I laughed the other day when I heard experts on the radio saying getting rid of bedsits was a mistake, didn't I say the very same thing at the time myself on here and was told I was being in favour of slum landlords, which was totally to miss the point, and see how the mess is getting even worse. We all had a big debate and had loads of suggestions and all I hear constantly from government and experts is talk but no action.  And things are getting a lot worse.  The latest nonsense is Kelly's going to make rents fixed.  That's putting a watery sticking plaster on it.

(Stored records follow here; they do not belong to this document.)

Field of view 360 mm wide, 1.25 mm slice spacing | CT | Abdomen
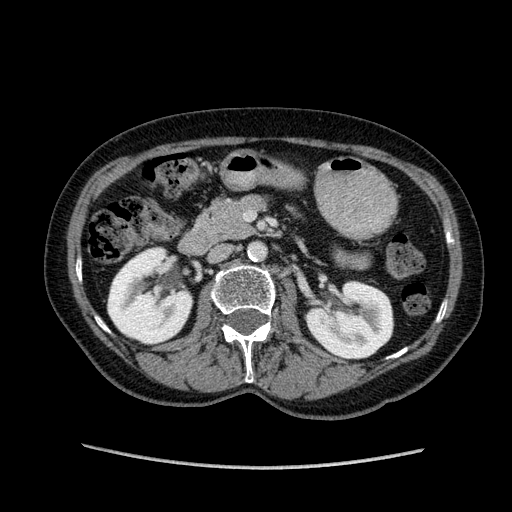 2 kidney regions are located at (108,249,191,343), (307,277,392,357).
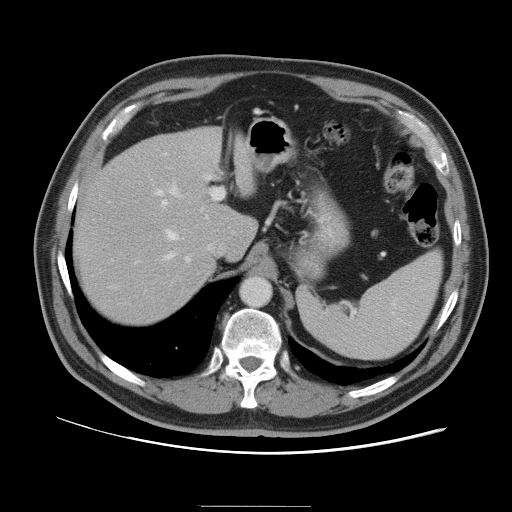 Abdomen, CT scan slice

The vessel boxes may cover only some of the vessels.
hepatic_vessel:
  - x1=165, y1=251, x2=175, y2=258
  - x1=162, y1=200, x2=166, y2=206
  - x1=114, y1=286, x2=117, y2=288
  - x1=165, y1=230, x2=182, y2=239
  - x1=200, y1=208, x2=202, y2=210
  - x1=135, y1=261, x2=139, y2=262
  - x1=204, y1=173, x2=208, y2=178
  - x1=205, y1=216, x2=208, y2=218
  - x1=155, y1=189, x2=162, y2=194
  - x1=164, y1=153, x2=166, y2=154
  - x1=208, y1=245, x2=208, y2=248
  - x1=170, y1=182, x2=181, y2=198
  - x1=185, y1=257, x2=190, y2=261
  - x1=232, y1=232, x2=234, y2=233
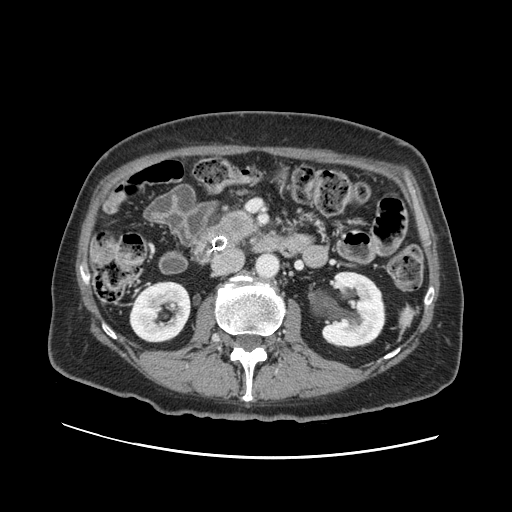

Image size 512x512, CT scan slice

Pancreatic tumor: x1=216 y1=210 x2=258 y2=243.
Pancreas: x1=203 y1=208 x2=259 y2=253.
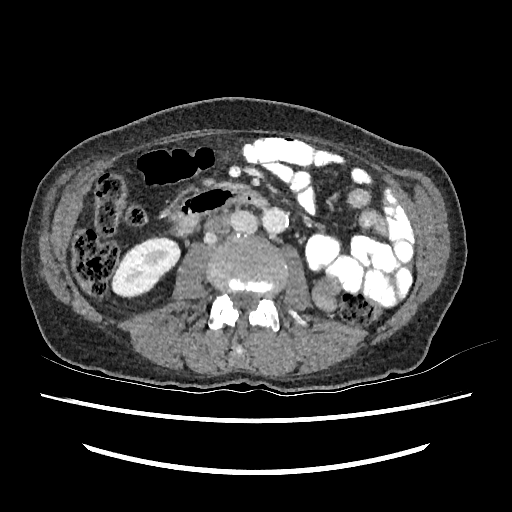

Abdomen; CT; Image size 512x512
Segmented structures:
* kidney: <box>112,238,179,295</box>
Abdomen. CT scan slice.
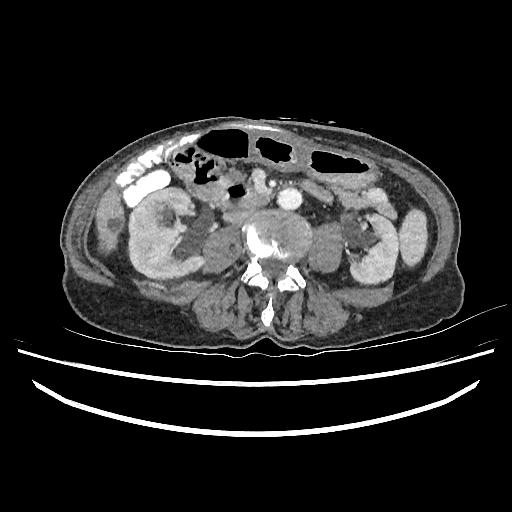
Kidney at (350,214,398,283), (129,188,204,278).
Liver at (97,187,123,251).
Hepatic lesion at (109,218,122,229).
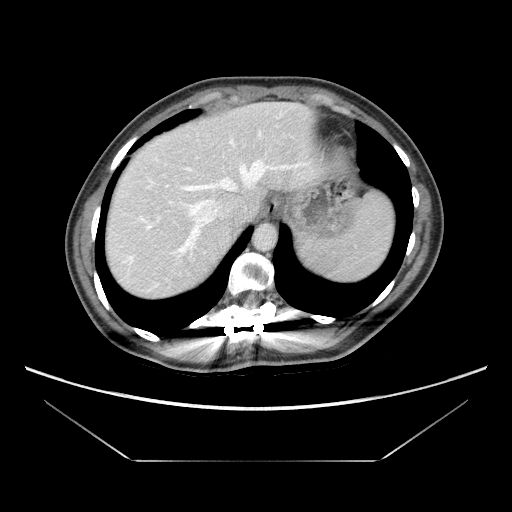

CT scan slice
Some hepatic vessels may have no box.
hepatic vessel: (left=183, top=167, right=195, bottom=172), (left=166, top=185, right=168, bottom=187), (left=170, top=202, right=173, bottom=204), (left=179, top=177, right=237, bottom=191), (left=233, top=145, right=234, bottom=147), (left=259, top=133, right=260, bottom=135), (left=170, top=199, right=230, bottom=260), (left=238, top=159, right=306, bottom=188), (left=155, top=283, right=157, bottom=285)
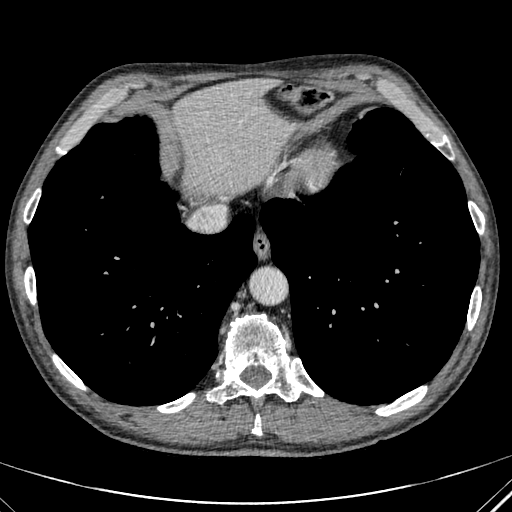
CT
<segmentation>
  <liver>[173, 79, 293, 193]</liver>
</segmentation>
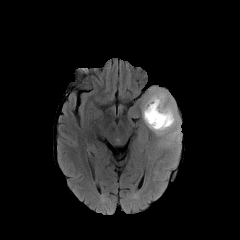
FLAIR MRI.
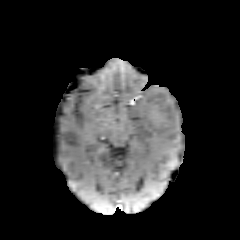
Same slice, T1-weighted MRI.
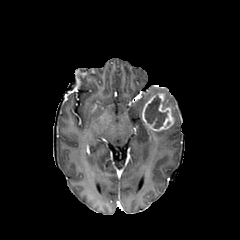
Post-contrast T1-weighted magnetic resonance of the same slice.
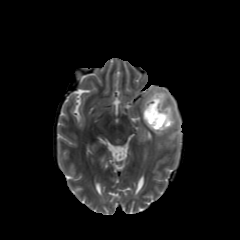
Same slice, T2-weighted MR image.
Head
Enhancing tumor at box(142, 93, 174, 131).
Non-enhancing tumor core at box(145, 97, 166, 128).
Edema at box(147, 86, 181, 153); box(140, 94, 149, 117).
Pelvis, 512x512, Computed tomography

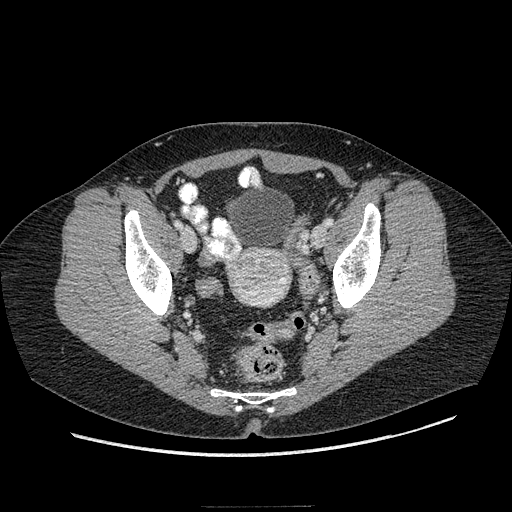
Colon tumor: 239 346 262 380.
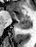 Hippocampus; MR image
Annotated regions:
* anterior hippocampus: left=19, top=16, right=29, bottom=19; left=12, top=10, right=17, bottom=18
* posterior hippocampus: left=15, top=20, right=30, bottom=28
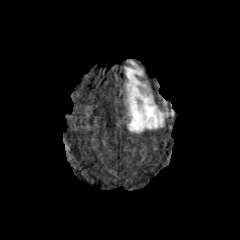
FLAIR MRI.
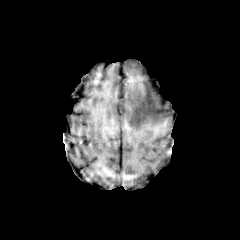
T1-weighted MR.
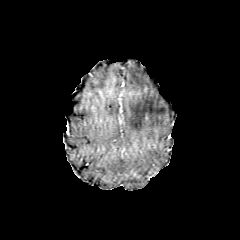
Post-contrast T1-weighted MR.
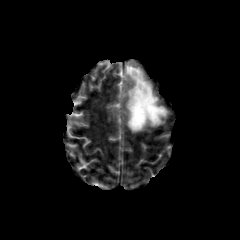
Same slice, T2-weighted MR.
The edema appears at box(124, 61, 169, 133).
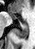
MR, 35x49

anterior hippocampus: rect(10, 14, 17, 19) | posterior hippocampus: rect(14, 21, 27, 38)
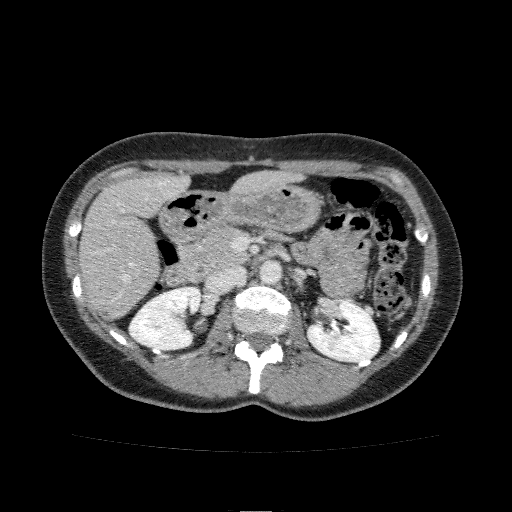

CT image. {"kidney": ["[129, 287, 200, 349]", "[308, 301, 379, 362]"], "liver": ["[79, 173, 189, 319]", "[229, 170, 304, 193]"]}
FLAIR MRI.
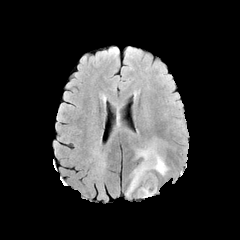
T1-weighted magnetic resonance.
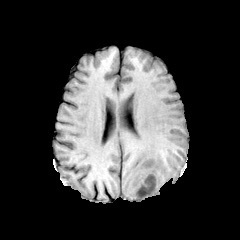
Post-contrast T1-weighted MR image.
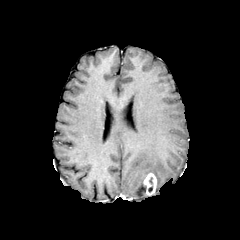
T2-weighted magnetic resonance.
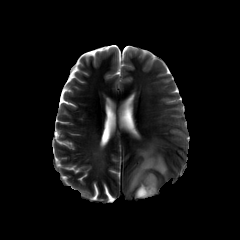
Brain.
Edema: bounding box (x1=126, y1=147, x2=168, y2=196).
Enhancing tumor: bounding box (x1=142, y1=173, x2=156, y2=196).
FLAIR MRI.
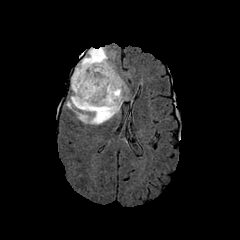
T1-weighted MRI.
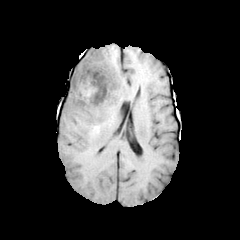
Post-contrast T1-weighted MR.
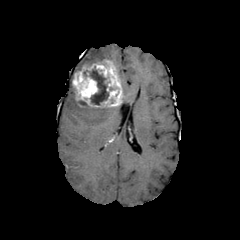
T2-weighted MR image.
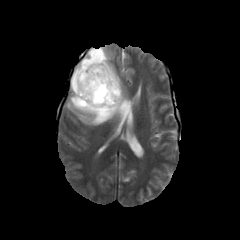
240x240
Enhancing tumor = <box>72,60,122,106</box>.
Edema = <box>66,47,122,125</box>.
Non-enhancing tumor core = <box>76,50,103,71</box>, <box>83,66,108,105</box>, <box>74,97,105,109</box>.
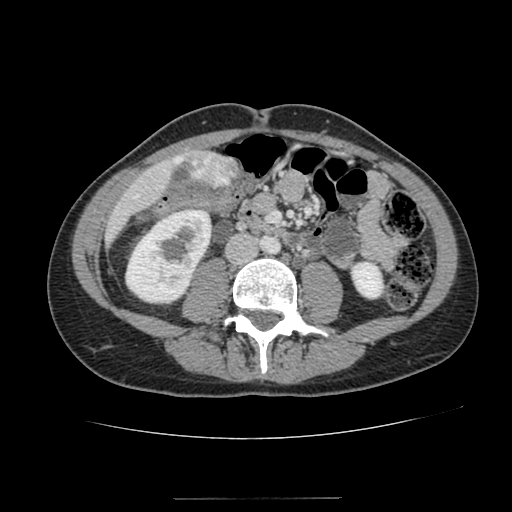
Upper abdomen; 512x512 px; CT scan slice
The liver is located at x1=104, y1=149, x2=206, y2=247. The hepatic lesion lies within x1=189, y1=152, x2=236, y2=185. 2 kidney regions are bounded by x1=352, y1=262, x2=382, y2=297; x1=126, y1=210, x2=210, y2=301.
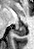

MRI slice

Posterior hippocampus: 13, 27, 25, 36.
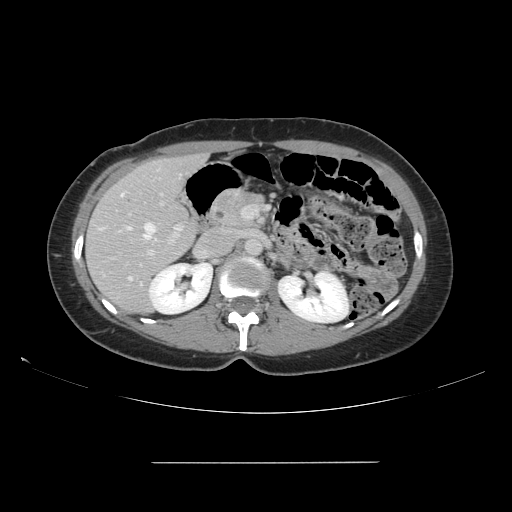 CT scan slice, 512x512 px
The vessel annotation is not exhaustive.
15 hepatic vessel regions are bounded by 102:272:104:276, 143:222:155:239, 140:282:142:285, 154:238:156:240, 173:225:181:237, 179:174:181:178, 121:191:126:196, 148:250:153:254, 97:226:106:230, 157:169:159:170, 160:202:162:204, 169:241:172:243, 120:230:121:231, 125:227:131:230, 128:277:132:279.
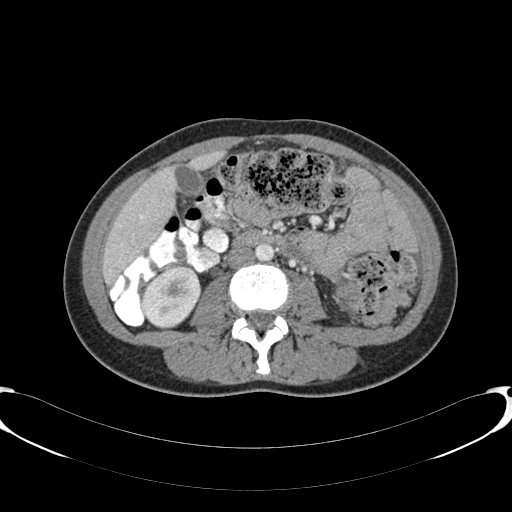 CT slice, Upper abdomen
kidney: {"x1": 140, "y1": 268, "x2": 199, "y2": 326} | liver: {"x1": 188, "y1": 151, "x2": 223, "y2": 169}, {"x1": 102, "y1": 166, "x2": 176, "y2": 284}
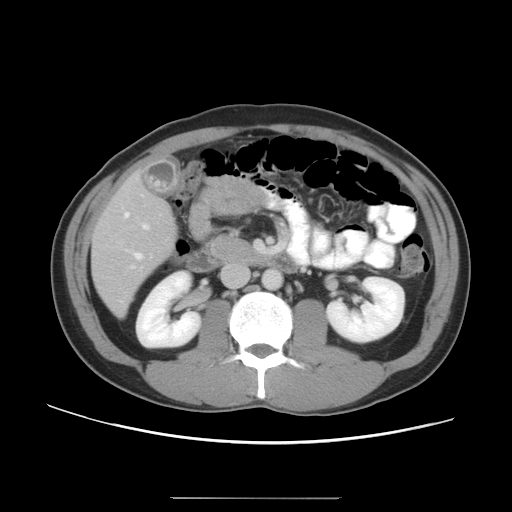

CT scan slice
Only some of the vessels may be annotated.
Annotated regions:
- hepatic vessel: (x1=143, y1=223, x2=150, y2=229), (x1=124, y1=212, x2=129, y2=217), (x1=127, y1=249, x2=143, y2=259), (x1=131, y1=265, x2=135, y2=267), (x1=135, y1=175, x2=138, y2=180)
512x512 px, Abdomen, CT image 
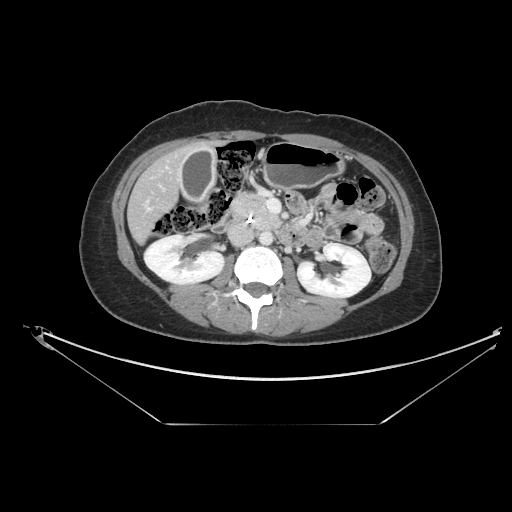
pancreatic tumor: bbox=[252, 199, 264, 212] | pancreas: bbox=[233, 193, 280, 228]
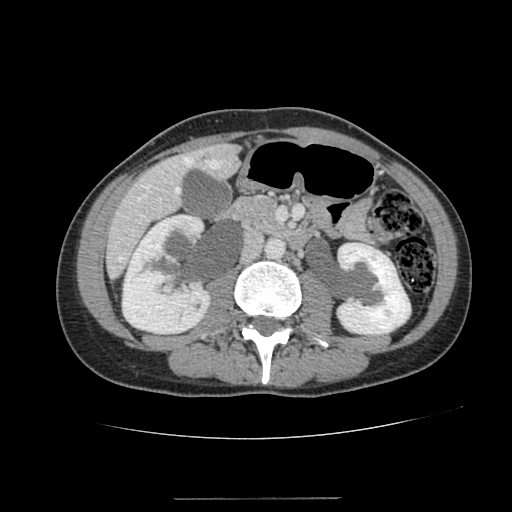

CT image, Liver
2 kidney regions are bounded by bbox=[338, 243, 410, 334]; bbox=[122, 215, 209, 333]. The liver is bounded by bbox=[106, 143, 239, 278].
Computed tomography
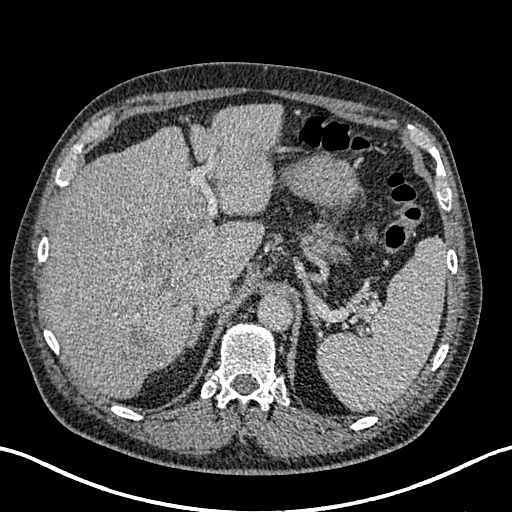 hepatic_lesion:
  - (139,217,213,310)
  - (121,329,162,378)
  - (230,151,263,183)
liver:
  - (191,104,283,214)
  - (45,126,264,398)
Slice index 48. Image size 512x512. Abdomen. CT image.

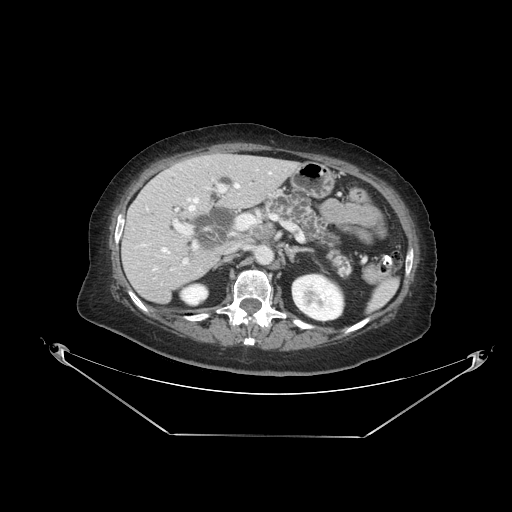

I see Sweden has got rid of rent controls.  Some think it is some kind of nirvana.


----------



## Purple (9 Jun 2015)

The problem is that Labour is ideologically hostile to business owners in general (the employer classes) and landlords in particular (the exploiters of the huddled masses and wurking classes) and so a Labour minister for the Environment will never accept that rents are high in part due to the extra costs the state has imposed on landlords. The fact that local services charges have to be paid by landlords and not tenants is ridiculous; it is the tenant who consumed the services. The way lardlords have to pay income tax and USC on part of their turnover is also a considerable extra cost which has to be passed on to the tenant.


----------